[Task details]:
As the answer, give exactly the lines of the records below from the one with "Vraag: Is dit een uitspraak of een conclusie?" through the one with "Antwoord: Uitspraak", ends included and pictures left out.

[Input records]:
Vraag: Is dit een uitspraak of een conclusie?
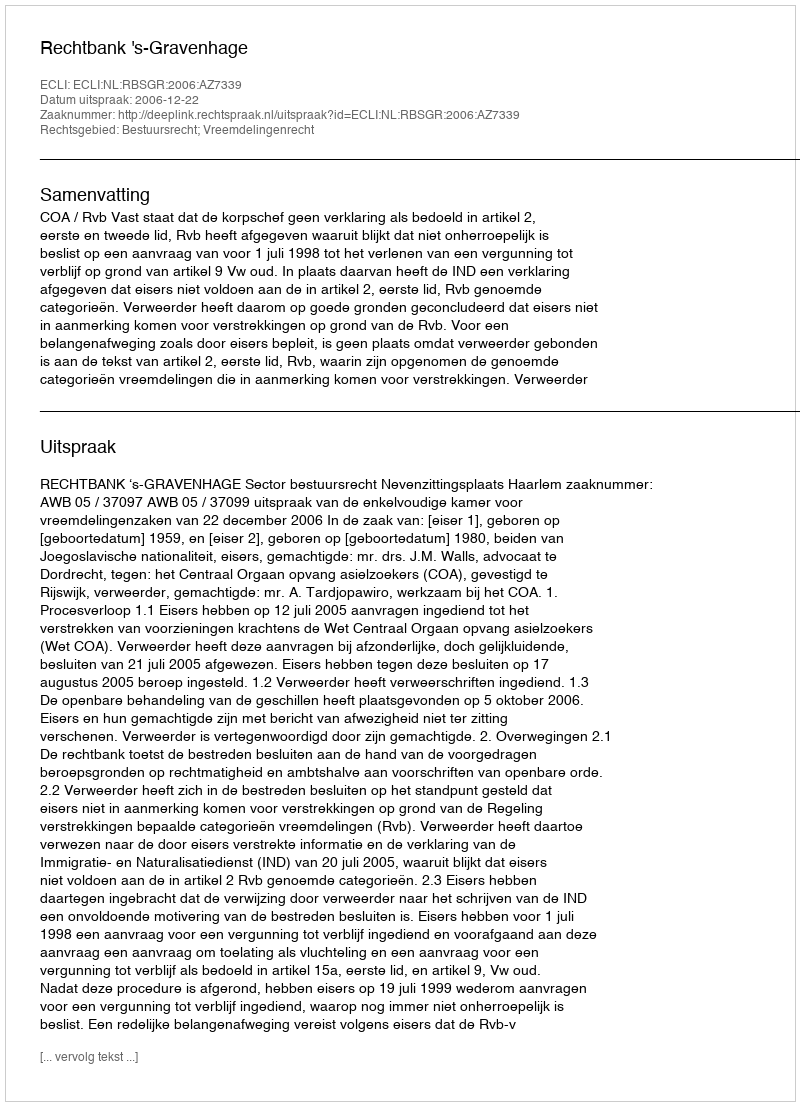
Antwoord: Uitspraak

==

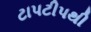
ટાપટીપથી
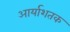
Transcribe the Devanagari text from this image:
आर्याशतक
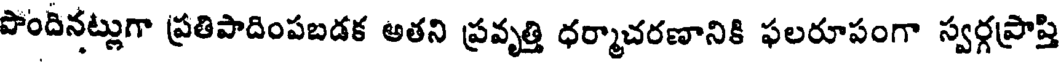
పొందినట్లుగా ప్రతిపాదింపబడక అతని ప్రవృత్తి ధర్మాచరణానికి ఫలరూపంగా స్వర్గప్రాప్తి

[Response to this exercise]:
Vraag: Is dit een uitspraak of een conclusie?
Antwoord: Uitspraak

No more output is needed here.